Baila Comigo (1981), de Manoel Carlos.

No passado, Helena (Lilian Lemmertz) tivera gêmeos. Criou um dos meninos, Quinzinho (Tony Ramos), e deu o outro, João Victor (Tony Ramos), para o pai, Quim (Raul Cortez), rico empresário casado com Marta (Tereza Rachel). Anos depois, esta revela a João Victor que ele é adotado. O rapaz parte em busca de sua verdadeira origem, mas é constantemente enganado pela própria mãe, Helena, que não deseja ver a verdade vir à tona. Com duas pessoas fisicamente idênticas frequentando os mesmos ambientes, as confusões se sucedem e mobilizam Lúcia (Natália do Vale) - namorada de Quinzinho -, Joana (Betty Faria) - apaixonada por João Victor -, e Mira Maia (Lídia Brondi) - jornalista que se envolve com os dois gêmeos.

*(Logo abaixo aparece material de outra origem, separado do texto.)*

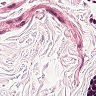
Metastatic tissue present: no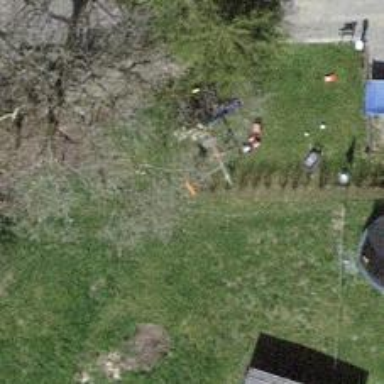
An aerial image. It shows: Pole with roof-covered pipeline marker.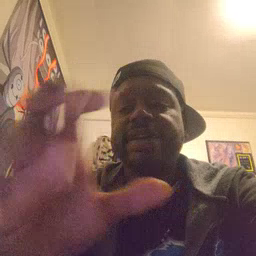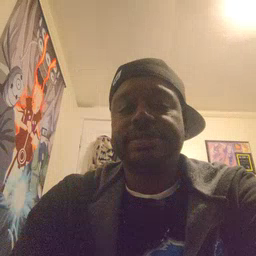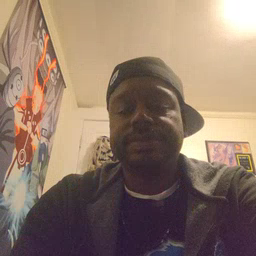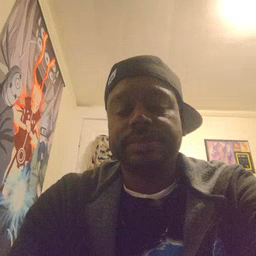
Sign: hot

Manoel Carlos começava aqui a definir seu estilo, a crônica do cotidiano que fez o sucesso de todas as suas novelas subsequentes; muitas delas, já exibidas no VIVA. A novela é um retrato da classe média do Rio de Janeiro no início dos anos 1980. Bebe na fonte de Água Viva (1980), dos mesmos diretores, com incontáveis cenas externas e figurinos que invadiram as ruas. O trabalho de Tony Ramos como João Victor e Quinzinho conquistou o público! Ainda, as presenças de Lídia Brondi e Lauro Corona, aclamados pelo público do VIVA, e Lilian Lemmertz, a primeira "Helena do Maneco".



Elas Por Elas (1982), de Cassiano Gabus Mendes.

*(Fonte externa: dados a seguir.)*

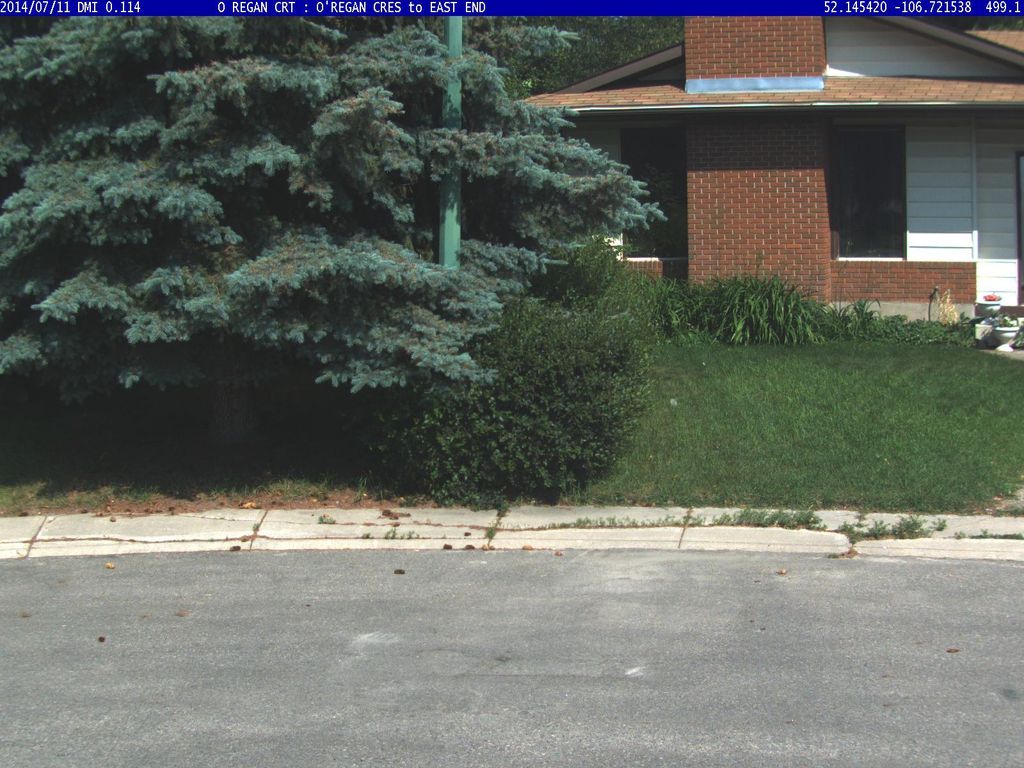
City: saskatoon

Márcia (Eva Wilma) decide reunir-se com seis amigas dos tempos do colégio, "reavivando" desafetos e traumas. A começar por Natália (Joana Fomm), que se recusa a comparecer ao encontro, por julgar uma de suas amigas como a responsável pela morte de seu irmão caçula. Enquanto Marlene (Mila Moreira) segue solteira, Carmem (Maria Helena Dias) se ressente com a vida de casada. Já Helena (Aracy Balabanian) se incomoda com o relacionamento de seu filho, Gil (Lauro Corona), com Miriam (Tássia Camargo), herdeira de Adriana (Esther Góes) - paixão do marido de Helena no passado. Wanda (Sandra Bréa), por sua vez, teme encontrar Márcia, já que era a amante de seu esposo, mistério investigado por Mário Fofoca (Luís Gustavo).

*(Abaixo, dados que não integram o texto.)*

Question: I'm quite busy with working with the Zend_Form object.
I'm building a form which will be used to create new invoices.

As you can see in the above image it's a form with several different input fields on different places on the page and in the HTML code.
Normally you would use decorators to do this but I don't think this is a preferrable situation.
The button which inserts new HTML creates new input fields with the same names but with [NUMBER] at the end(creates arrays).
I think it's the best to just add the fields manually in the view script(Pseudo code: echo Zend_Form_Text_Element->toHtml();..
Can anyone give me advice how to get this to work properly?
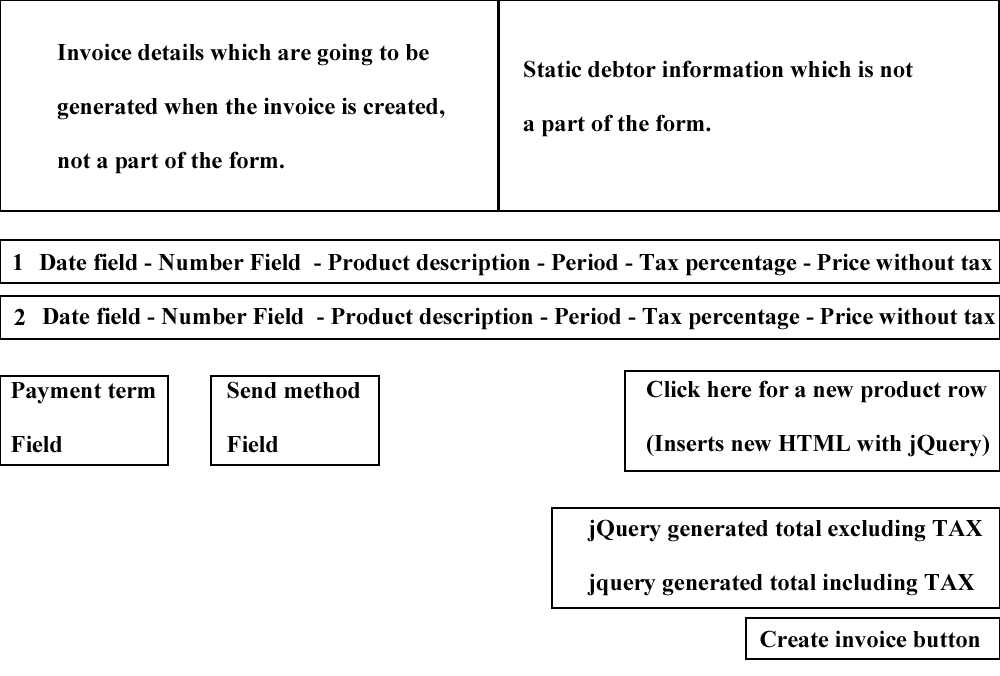
Answer: You should use the view script decorator. Here is a good <URL>.
Scroll down to the part where it says:
Here is a sample form built using the view script:
'''
<h4>Please register with us!</h4>
<form action="<?= $this->escape($this->form->getAction() ?>"
method="<?= $this->escape($this->form->getMethod() ?>">
<fieldset>
<legend>Demographics</legend>
<p>
Please provide us the following information so we can know more about
you.
</p>
<?= $this->form->age ?>
<?= $this->form->nationality ?>
<?= $this->form->income ?>
</fieldset>
<fieldset>
<legend>User Information</legend>
<p>
Now please tell us who you are and how to contact you.
</p>
<?= $this->form->firstname ?>
<?= $this->form->lastname ?>
<?= $this->form->email ?>
<?= $this->form->address1 ?>
<?= $this->form->address2 ?>
<?= $this->form->city ?>
<?= $this->form->state ?>
<?= $this->form->postal ?>
<?= $this->form->phone ?>
</fieldset>
<?= $this->form->submit ?>
</form>
'''
This way u can have full control over the html of the form and u won't need to suffer from the decorators hell :D

Como sempre, Cassiano Gabus Mendes partiu de um fiapo de história para desenvolver um novelo de situações como as que fizeram de Elas Por Elas um grande sucesso! Dos dilemas das amigas às trapalhadas do detetive Mário Fofoca - que chegou a ganhar série e filme - tudo foi muito bom nesta produção embalada por uma das mais criativas vinhetas já criadas pelo mago Hans Donner. No elenco, Carlos Zara, Cássio Gabus Mendes, Christiane Torloni, Herson Capri, Laerte Morrone, Marco Nanini, Mário Lago, Nathalia Timberg e Reginaldo Faria.



Final Feliz (1982), de Ivani Ribeiro.

César (Roberto Maya) simula a própria morte, deixando a esposa, Maria Luiza (Lilian Lemmertz), as filhas Débora (Natália do Vale) e Suzy (Lídia Brondi), e o sócio Alaor (Milton Moraes) na miséria. Débora é uma moça voluntariosa, que planeja tomar Leandro (Adriano Reys) de sua noiva, Mirtô (Priscila Camargo), irmã de Rodrigo (José Wilker), que vem a se apaixonar pela prima Débora. Já Suzy se interessa por Paulo (Buza Ferraz), funcionário de um jardim zoológico que acredita estar à beira da morte. Paulo é filho de Marina (Mirian Pires) e irmão de Rafael (Irving São Paulo), um rapaz com necessidades especiais que desenvolve uma tenra amizade com Mestre Antônio (Stenio Garcia), um pescador do litoral cearense em busca da filha desaparecida.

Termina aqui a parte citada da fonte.